Evidence handling is about trust. When you collect files from a compromised system, you must prove that the evidence is unchanged. The standard approach is to copy files while preserving metadata, then compute hashes. cp -p preserves timestamps and modes, which is essential for forensics. You should also capture the original path in the evidence directory to maintain context. For example, /var/www/html/upload.php becomes evidence/var/www/html/upload.php.

Hashing provides integrity. Common hashes include SHA-256 and SHA-1. MD5 is weak for cryptographic security, but still often used as a quick integrity check. For a modern forensic tool, use SHA-256. Your manifest should record the hash, file size, and original path. This allows future verification. A mismatch indicates tampering or corruption.

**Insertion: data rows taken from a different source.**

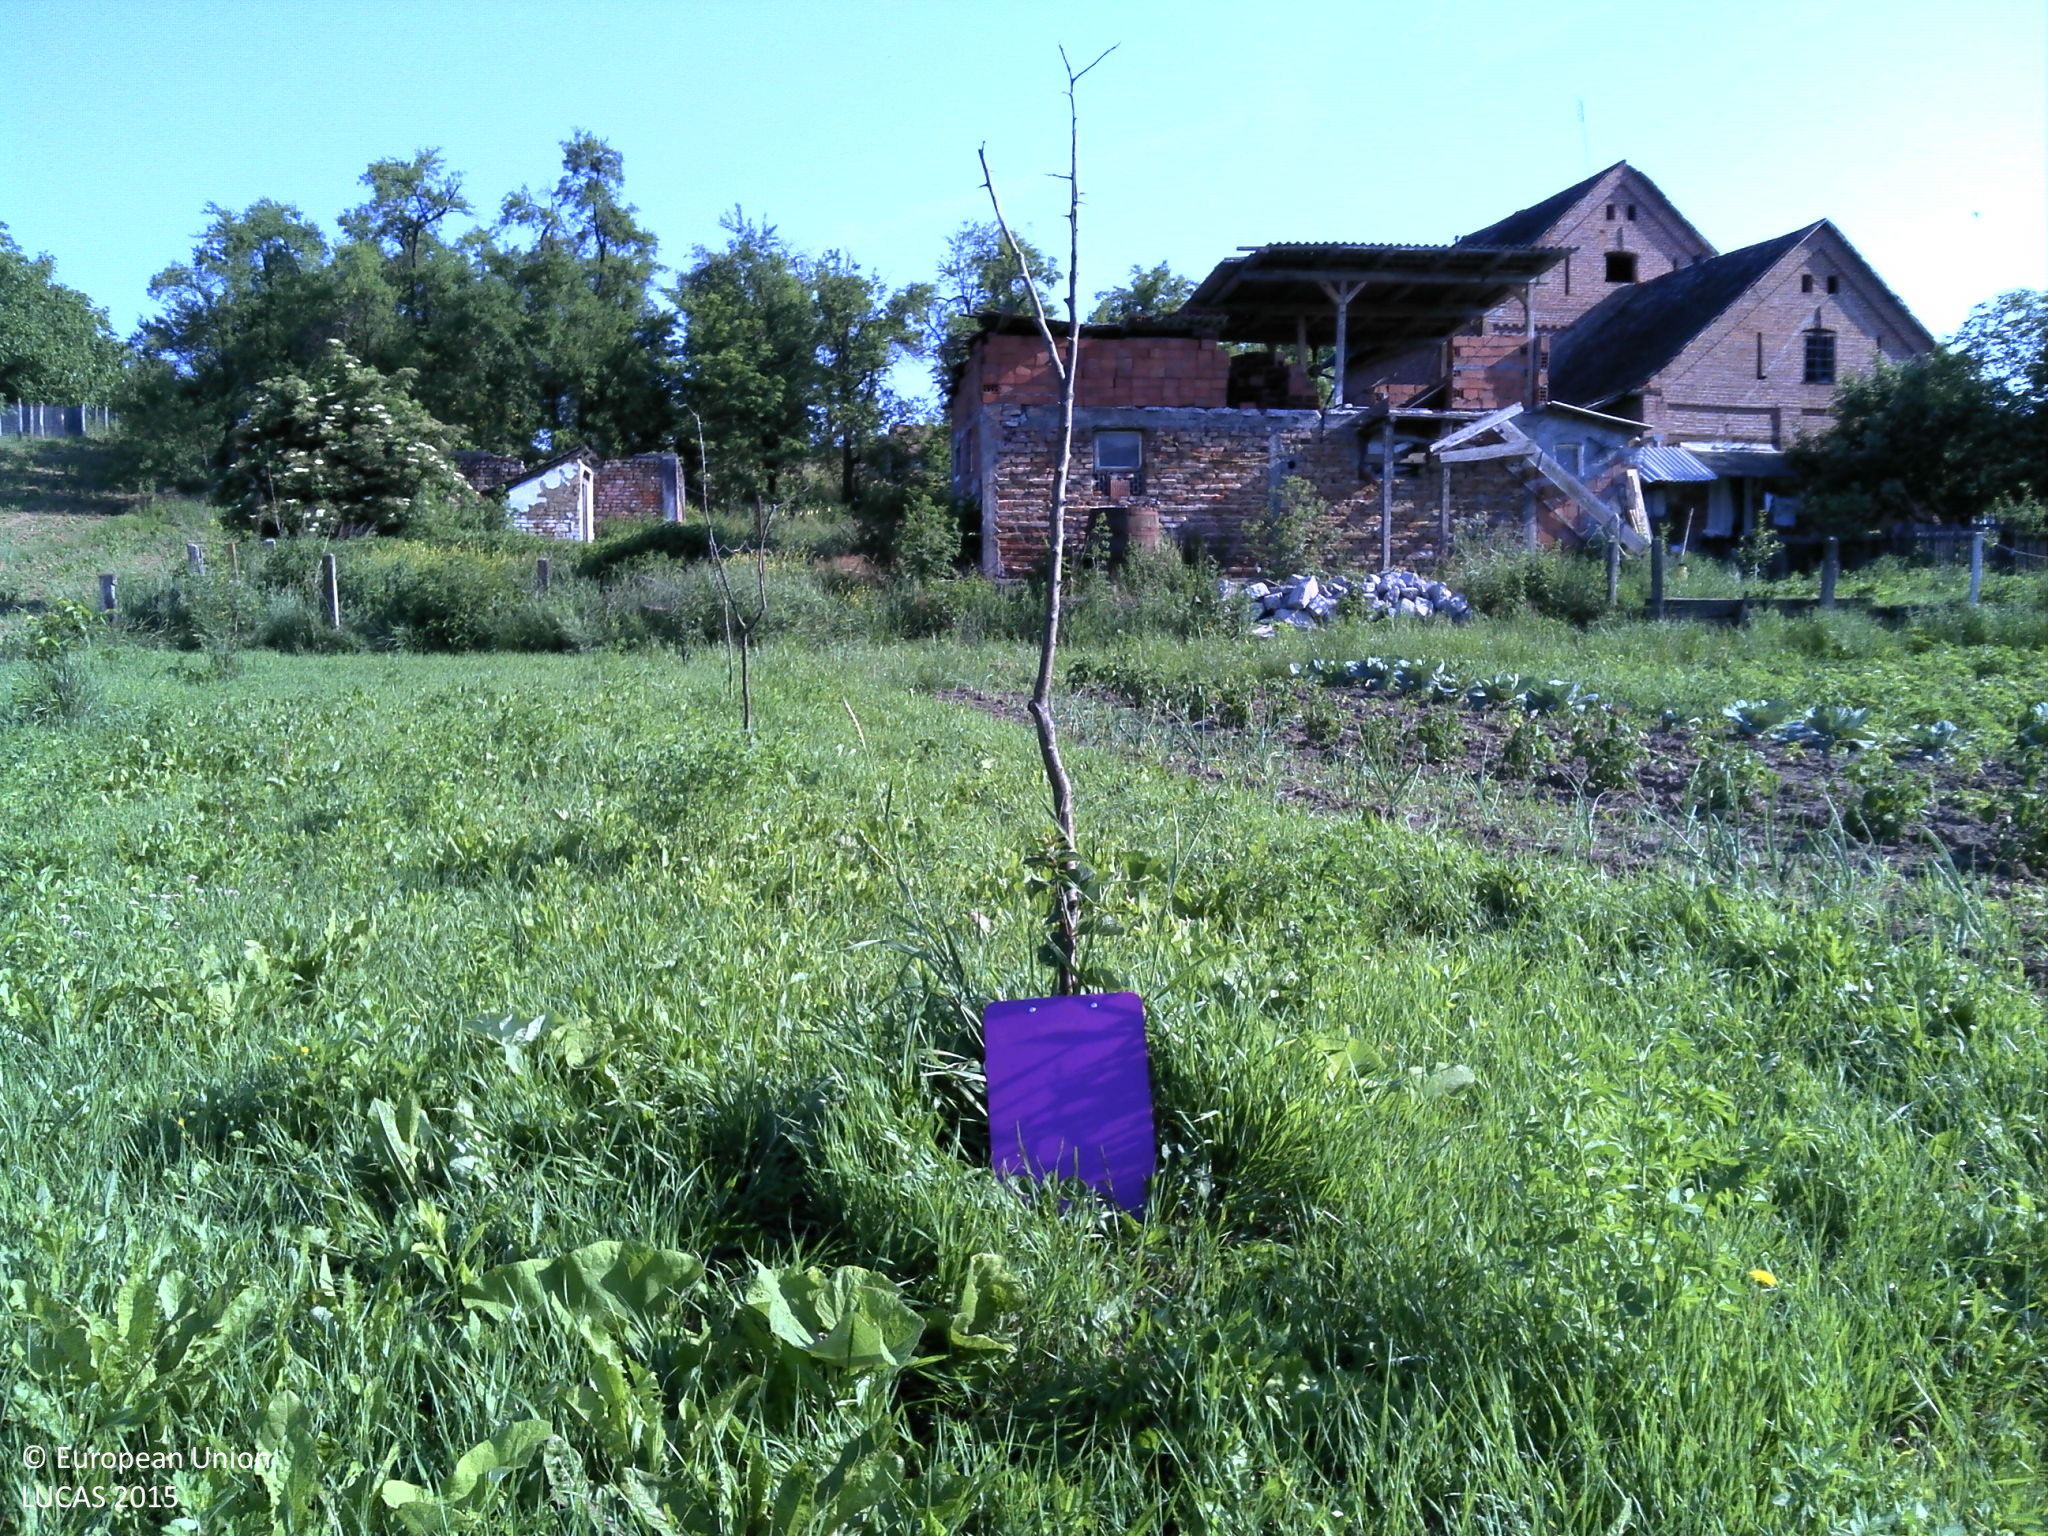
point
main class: Cropland
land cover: Other fruit trees and berries
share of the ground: < 10 %
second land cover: Grassland without tree/shrub cover
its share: > 75 %
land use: Kitchen garden
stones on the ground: < 10 %
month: June
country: HR
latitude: 45.3133
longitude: 18.1802

Chain of custody is a process, not just a file. Your report should include when evidence was collected, by whom (if applicable), and how it was stored. In this project, you simulate this by recording timestamps and a run ID. A deterministic demo should use fixed timestamps, but real runs should record actual times.

Another detail is read-only handling. If you open files, you may update atime. You can mitigate this by mounting evidence sources read-only or by using tools that do not update access times. For this project, you acknowledge this limitation and focus on preserving metadata on copied evidence.

Finally, you must avoid contaminating evidence with your own output. Store reports and hash manifests outside of the evidence directory, or in a clearly separate folder, to avoid mixing analysis artifacts with raw evidence. This is a subtle but important practice.

There is also a workflow aspect: evidence collection should be repeatable. If you run the tool twice, you should get two distinct evidence bundles, each with its own run ID and manifests. This keeps cases isolated and prevents accidental overwriting. It also allows you to compare evidence across runs if needed. A good forensic tool makes this separation explicit in its directory naming scheme.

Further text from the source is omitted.